### Entries shown
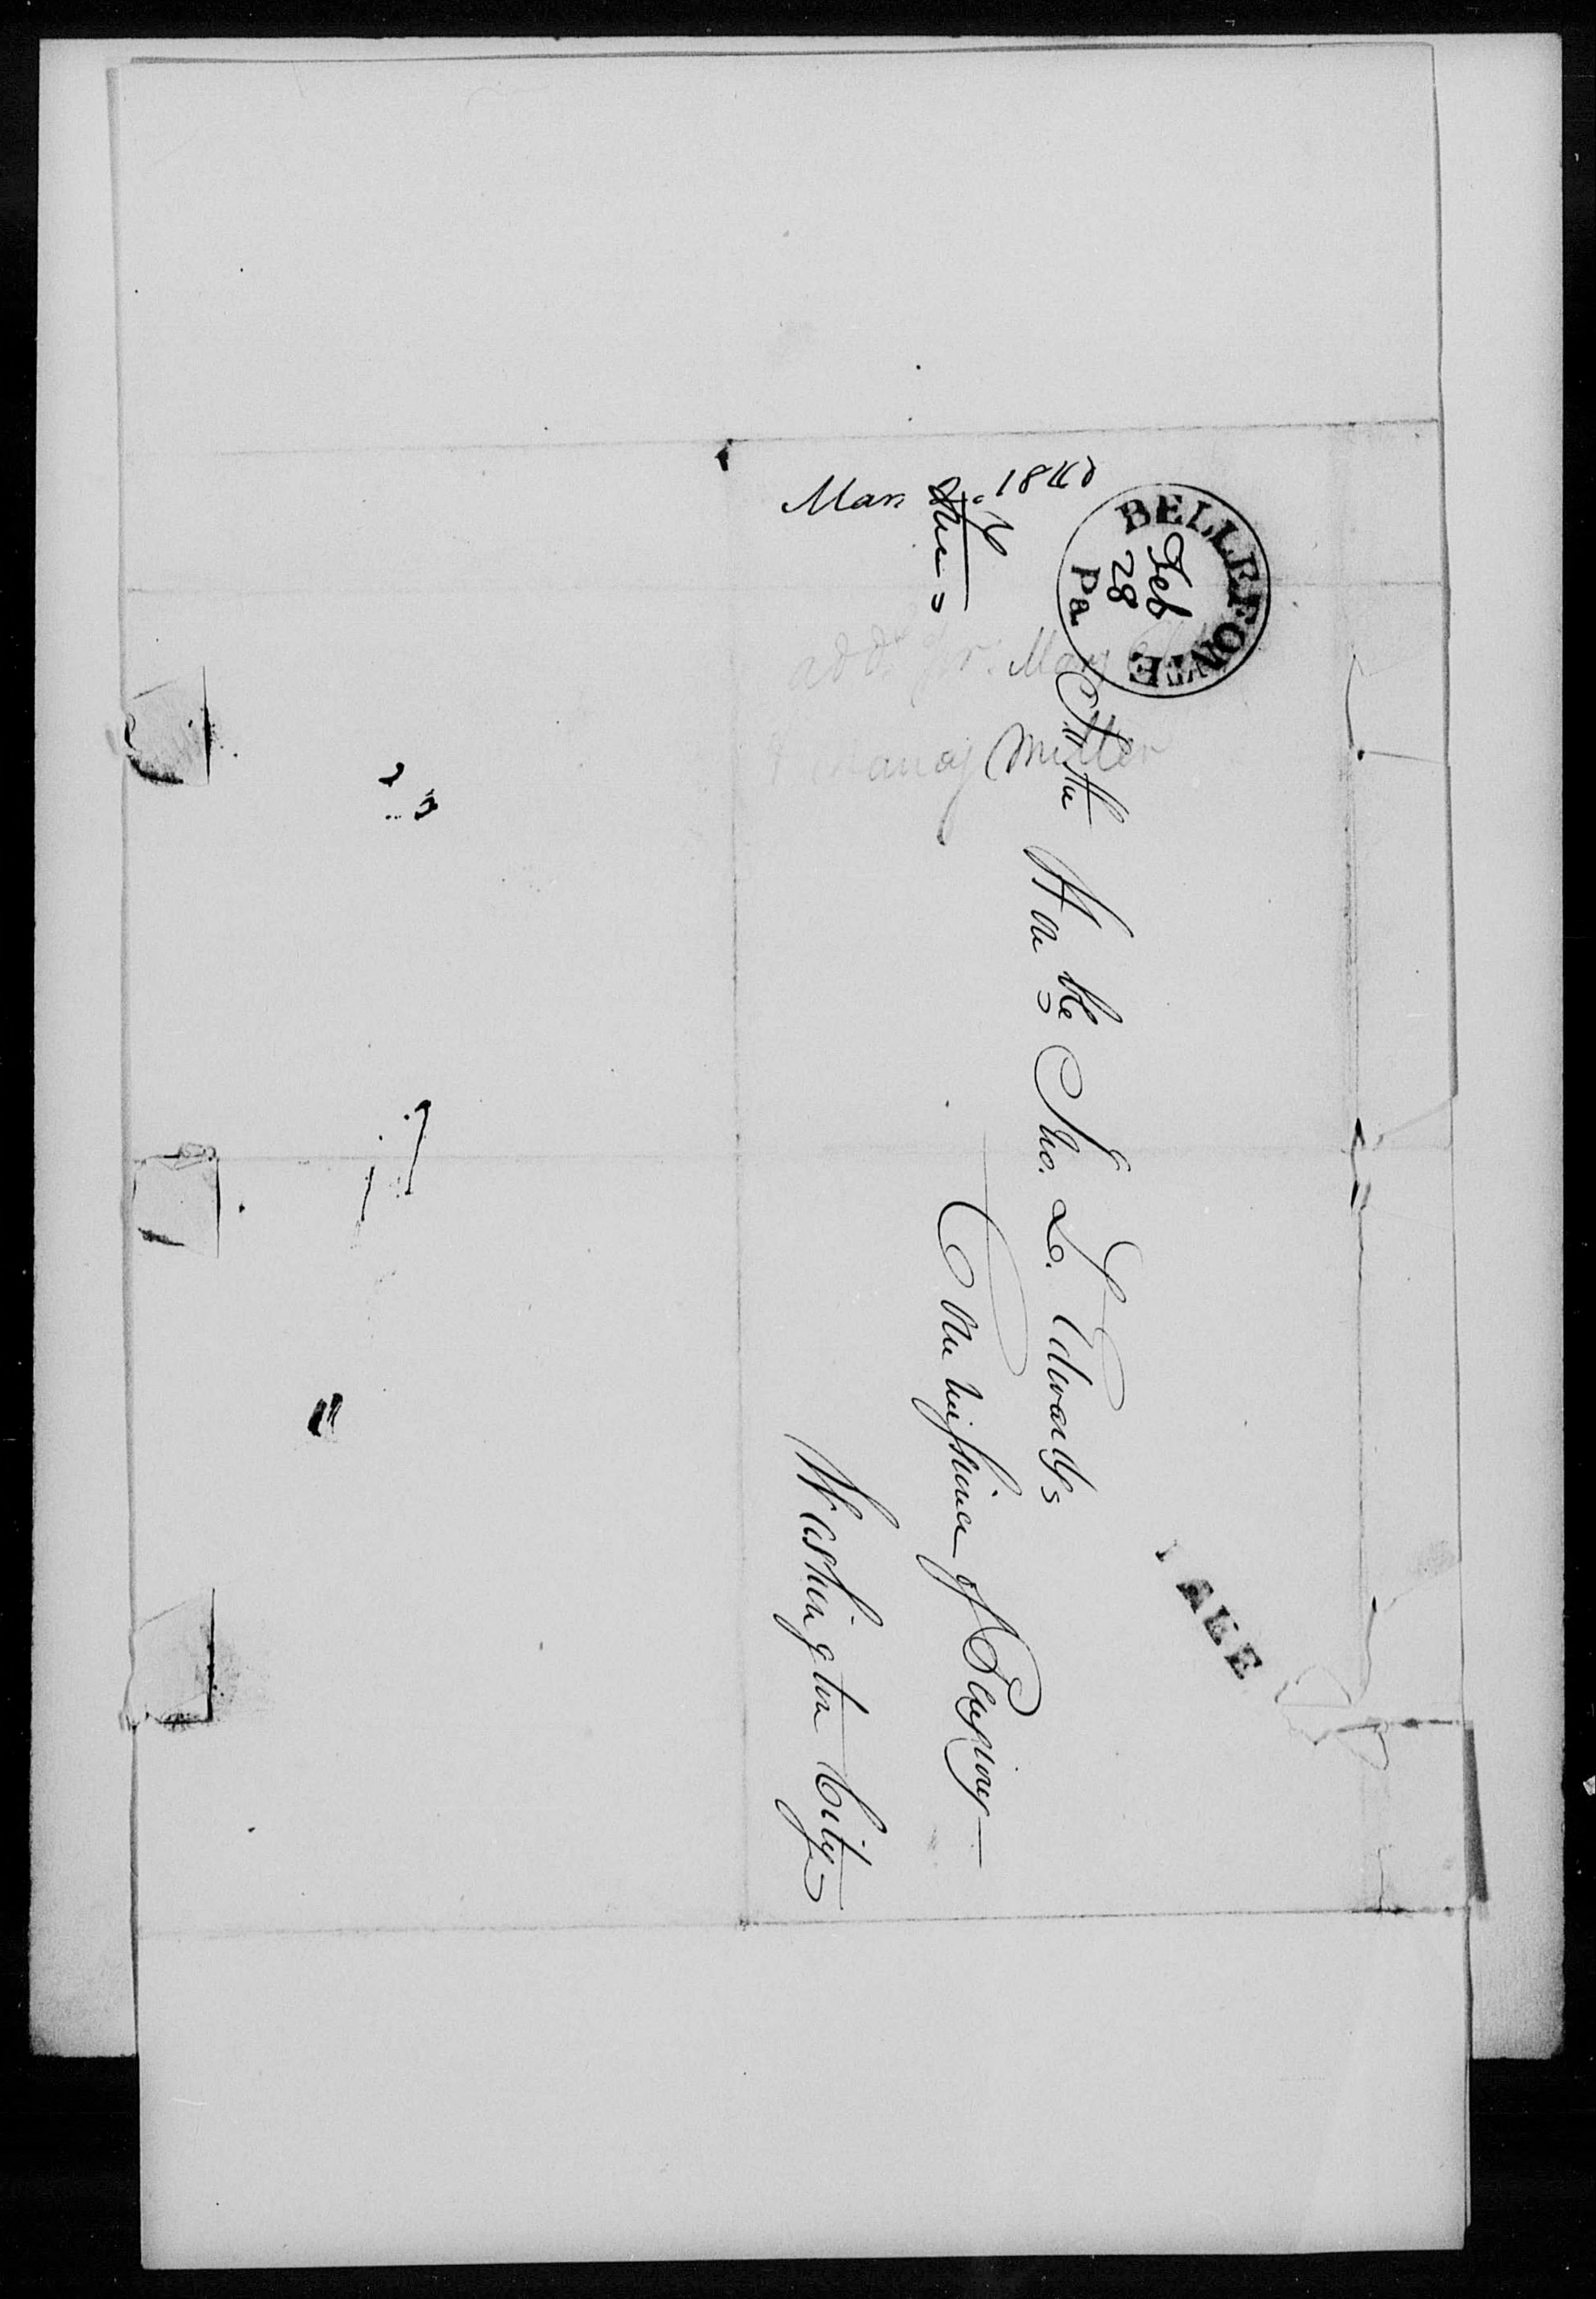This is an addressed envelope scanned side ways. The following can be read on it:

horizontally - May 2, 1840
a stamp circular in size shows Bellefonte, across the top Feb 28 in the middle, Pa along the bottom.

vertically - Hon Jno L. Edwards
Commissioner of Pensions
Washington City

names: Nancy Miller, Jno L Edwards, Mary Elder
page: 59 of 80
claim: widow's
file: W. 24117, John Elder, Penn.

### What is needed
Output every entry verbatim but skip the pictures.

### Exercise solution
This is an addressed envelope scanned side ways. The following can be read on it:

horizontally - May 2, 1840
a stamp circular in size shows Bellefonte, across the top Feb 28 in the middle, Pa along the bottom.

vertically - Hon Jno L. Edwards
Commissioner of Pensions
Washington City

names: Nancy Miller, Jno L Edwards, Mary Elder
page: 59 of 80
claim: widow's
file: W. 24117, John Elder, Penn.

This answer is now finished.